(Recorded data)
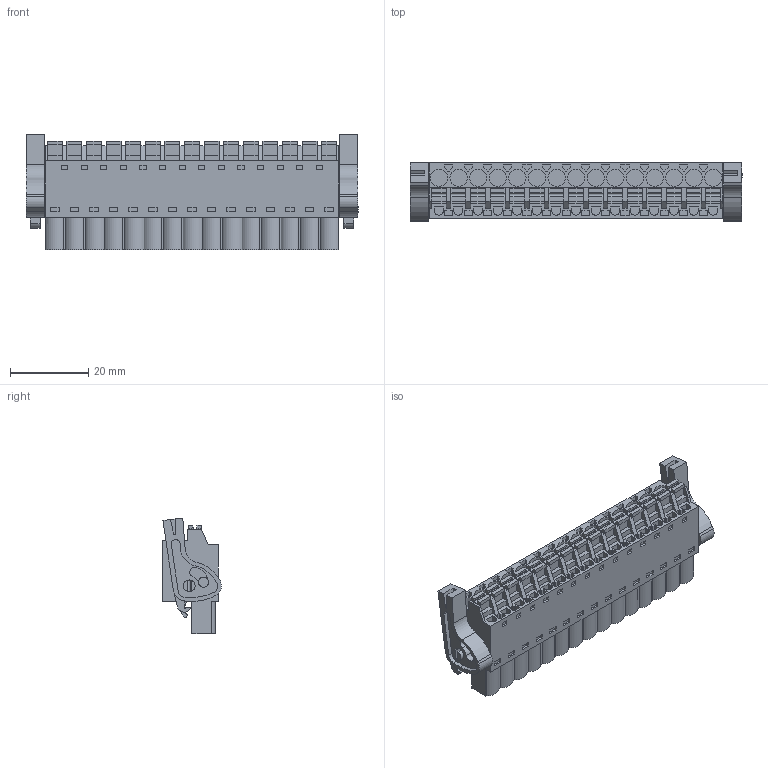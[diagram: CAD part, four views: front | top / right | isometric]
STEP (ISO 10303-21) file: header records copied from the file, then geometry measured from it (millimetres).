
FILE_DESCRIPTION(('CATIA V5 STEP Exchange','CAx-IF Rec.Pracs.--- Model Styling and Organization---1.2---2011-12-15'),'2;1');
FILE_NAME ('D1446687_0_1016480000_1016480000.stp','2017-04-27T13:14:21+00:00',('none'),('Weidmueller'),'CATIA Version 5-6 Release 2014','CATIA V5 STEP AP214','none');
FILE_SCHEMA(('AUTOMOTIVE_DESIGN { 1 0 10303 214 1 1 1 1 }'));
Length unit declared in the file: millimetre
Products named in the file (1): 1016480000
Bounding box: 84.7 x 14.96 x 29.52 mm (x, y, z)
Volume: 19902.5 mm3; surface area: 11675 mm2
Topology: 18 solids, 18 shells, 1371 faces, 3970 edges, 2764 vertices
Faces by surface type: plane 1192, cylinder 175, extrusion 4
Entity records: 42474 total; most frequent: ORIENTED_EDGE 7940, CARTESIAN_POINT 7841, DIRECTION 5726, EDGE_CURVE 3970, VECTOR 3571, LINE 3567, VERTEX_POINT 2764, EDGE_LOOP 1536

WHAT YOU WILL DO:
Without the pictures, return the entries exactly as they appear.

PROBLEM SOLUTION:
[diagram: CAD part, four views: front | top / right | isometric]
STEP (ISO 10303-21) file: header records copied from the file, then geometry measured from it (millimetres).
FILE_DESCRIPTION(('CATIA V5 STEP Exchange','CAx-IF Rec.Pracs.--- Model Styling and Organization---1.2---2011-12-15'),'2;1');
FILE_NAME ('D1446687_0_1016480000_1016480000.stp','2017-04-27T13:14:21+00:00',('none'),('Weidmueller'),'CATIA Version 5-6 Release 2014','CATIA V5 STEP AP214','none');
FILE_SCHEMA(('AUTOMOTIVE_DESIGN { 1 0 10303 214 1 1 1 1 }'));
Length unit declared in the file: millimetre
Products named in the file (1): 1016480000
Bounding box: 84.7 x 14.96 x 29.52 mm (x, y, z)
Volume: 19902.5 mm3; surface area: 11675 mm2
Topology: 18 solids, 18 shells, 1371 faces, 3970 edges, 2764 vertices
Faces by surface type: plane 1192, cylinder 175, extrusion 4
Entity records: 42474 total; most frequent: ORIENTED_EDGE 7940, CARTESIAN_POINT 7841, DIRECTION 5726, EDGE_CURVE 3970, VECTOR 3571, LINE 3567, VERTEX_POINT 2764, EDGE_LOOP 1536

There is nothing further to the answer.